James Bretherton

Personal information
- Full name: James Bretherton
- Born: 5 January 1862 Whiston, Lancashire, England
- Died: 6 September 1926 (aged 64) Raby, Cheshire, England
- Batting: Right-handed
- Bowling: Right-arm fast-medium

Domestic team information
- 1895: Cheshire

Career statistics
| Competition | First-class |
| Matches | 6 |
| Runs scored | 165 |
| Batting average | 16.50 |
| 100s/50s | –/1 |
| Top score | 50 |
| Balls bowled | 1,089 |
| Wickets | 24 |
| Bowling average | 16.50 |
| 5 wickets in innings | 1 |
| 10 wickets in match | – |
| Best bowling | 5/30 |
| Catches/stumpings | 2/– |
- Source: Cricinfo, 3 October 2015

= James Bretherton =

English cricketer

James Bretherton (5 January 1862 – 9 June 1926) was an English cricketer active in the 1890s, playing in six first-class cricket matches. He was a right-handed batsman and right-arm fast-medium bowler.

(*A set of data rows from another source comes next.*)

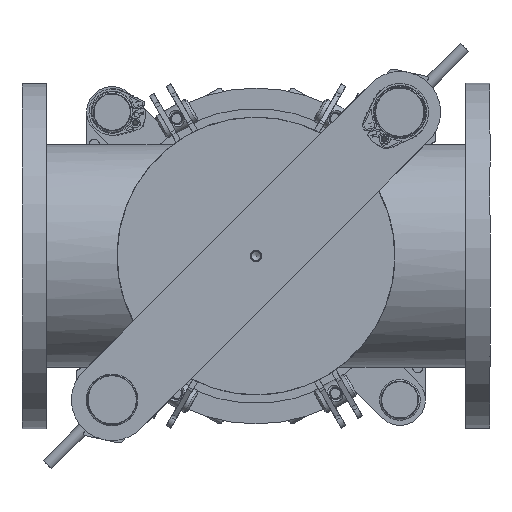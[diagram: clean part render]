
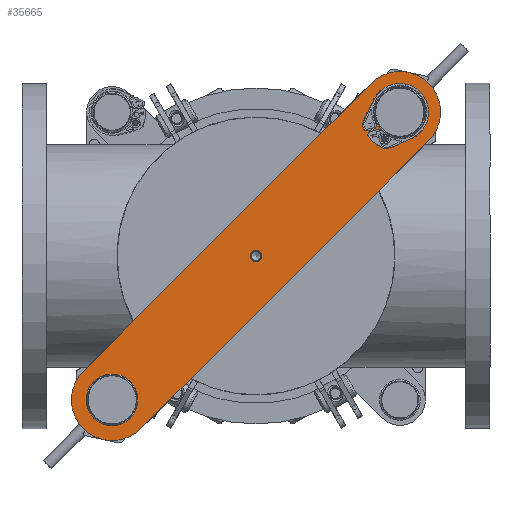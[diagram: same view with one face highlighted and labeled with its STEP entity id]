
A CAD part, front view. The second image highlights one B-rep face of the part: STEP entity #35665.
In plain terms, the highlighted planar face has unit normal (0, -1, 0).
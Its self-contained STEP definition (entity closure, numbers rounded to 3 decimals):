
#1302=LINE('',#59754,#3373);
#1306=LINE('',#59762,#3377);
#3373=VECTOR('',#45159,10.);
#3377=VECTOR('',#45169,10.);
#6648=FACE_BOUND('',#10788,.T.);
#6649=FACE_BOUND('',#10789,.T.);
#6650=FACE_BOUND('',#10790,.T.);
#8170=FACE_OUTER_BOUND('',#10787,.T.);
#10787=EDGE_LOOP('',(#26401,#26402,#26403,#26404));
#10788=EDGE_LOOP('',(#26405));
#10789=EDGE_LOOP('',(#26406));
#10790=EDGE_LOOP('',(#26407));
#13062=CIRCLE('',#38549,25.25);
#13063=CIRCLE('',#38551,25.25);
#13064=CIRCLE('',#38553,5.5);
#13066=CIRCLE('',#38556,40.);
#13067=CIRCLE('',#38559,40.);
#15729=VERTEX_POINT('',#59736);
#15730=VERTEX_POINT('',#59739);
#15731=VERTEX_POINT('',#59742);
#15733=VERTEX_POINT('',#59747);
#15734=VERTEX_POINT('',#59748);
#15735=VERTEX_POINT('',#59753);
#15736=VERTEX_POINT('',#59758);
#19628=EDGE_CURVE('',#15729,#15729,#13062,.T.);
#19629=EDGE_CURVE('',#15730,#15730,#13063,.T.);
#19630=EDGE_CURVE('',#15731,#15731,#13064,.T.);
#19632=EDGE_CURVE('',#15733,#15734,#13066,.T.);
#19635=EDGE_CURVE('',#15734,#15735,#1302,.T.);
#19638=EDGE_CURVE('',#15735,#15736,#13067,.T.);
#19640=EDGE_CURVE('',#15736,#15733,#1306,.T.);
#26401=ORIENTED_EDGE('',*,*,#19632,.F.);
#26402=ORIENTED_EDGE('',*,*,#19640,.F.);
#26403=ORIENTED_EDGE('',*,*,#19638,.F.);
#26404=ORIENTED_EDGE('',*,*,#19635,.F.);
#26405=ORIENTED_EDGE('',*,*,#19630,.T.);
#26406=ORIENTED_EDGE('',*,*,#19628,.T.);
#26407=ORIENTED_EDGE('',*,*,#19629,.T.);
#31936=PLANE('',#38561);
#35665=ADVANCED_FACE('',(#8170,#6648,#6649,#6650),#31936,.T.);
#38549=AXIS2_PLACEMENT_3D('',#59737,#45139,#45140);
#38551=AXIS2_PLACEMENT_3D('',#59740,#45143,#45144);
#38553=AXIS2_PLACEMENT_3D('',#59743,#45147,#45148);
#38556=AXIS2_PLACEMENT_3D('',#59749,#45153,#45154);
#38559=AXIS2_PLACEMENT_3D('',#59759,#45164,#45165);
#38561=AXIS2_PLACEMENT_3D('',#59764,#45171,#45172);
#45139=DIRECTION('center_axis',(0.,1.,0.));
#45140=DIRECTION('ref_axis',(-0.707,0.,-0.707));
#45143=DIRECTION('center_axis',(0.,1.,0.));
#45144=DIRECTION('ref_axis',(-0.707,0.,-0.707));
#45147=DIRECTION('center_axis',(0.,1.,0.));
#45148=DIRECTION('ref_axis',(-0.707,0.,-0.707));
#45153=DIRECTION('center_axis',(0.,1.,0.));
#45154=DIRECTION('ref_axis',(-0.707,0.,0.707));
#45159=DIRECTION('',(-0.707,0.,-0.707));
#45164=DIRECTION('center_axis',(0.,1.,0.));
#45165=DIRECTION('ref_axis',(0.707,0.,-0.707));
#45169=DIRECTION('',(0.707,0.,0.707));
#45171=DIRECTION('center_axis',(0.,-1.,0.));
#45172=DIRECTION('ref_axis',(0.707,0.,0.707));
#59736=CARTESIAN_POINT('',(159.276,-293.,159.276));
#59737=CARTESIAN_POINT('Origin',(141.421,-293.,141.421));
#59739=CARTESIAN_POINT('',(-123.567,-293.,-123.567));
#59740=CARTESIAN_POINT('Origin',(-141.421,-293.,-141.421));
#59742=CARTESIAN_POINT('',(3.889,-293.,3.889));
#59743=CARTESIAN_POINT('Origin',(0.,-293.,0.));
#59747=CARTESIAN_POINT('',(113.137,-293.,169.706));
#59748=CARTESIAN_POINT('',(169.706,-293.,113.137));
#59749=CARTESIAN_POINT('Origin',(141.421,-293.,141.421));
#59753=CARTESIAN_POINT('',(-113.137,-293.,-169.706));
#59754=CARTESIAN_POINT('',(169.706,-293.,113.137));
#59758=CARTESIAN_POINT('',(-169.706,-293.,-113.137));
#59759=CARTESIAN_POINT('Origin',(-141.421,-293.,-141.421));
#59762=CARTESIAN_POINT('',(-169.706,-293.,-113.137));
#59764=CARTESIAN_POINT('Origin',(0.,-293.,0.));

Having played club cricket for Boughton Hall since 1890, Bretherton made his debut in first-class cricket when he was selected to play for the Liverpool and District cricket team against Yorkshire at Aigburth in 1890. He made five further appearances in first-class cricket for Liverpool and District to 1894, all of which came against Yorkshire, with exception of his second match of 1893 which came against the touring Australians. He scored a total of 165 runs in his six matches, averaged 16.50, with a high score of 50. With the ball he took 24 wickets, which came at an identical average to his batting. His best figures were 5/30 in his debut match, which was also his only career five wicket haul. He later made a single appearance for Cheshire in the 1895 Minor Counties Championship against Worcestershire.

He died at Raby, Cheshire on 9 June 1926.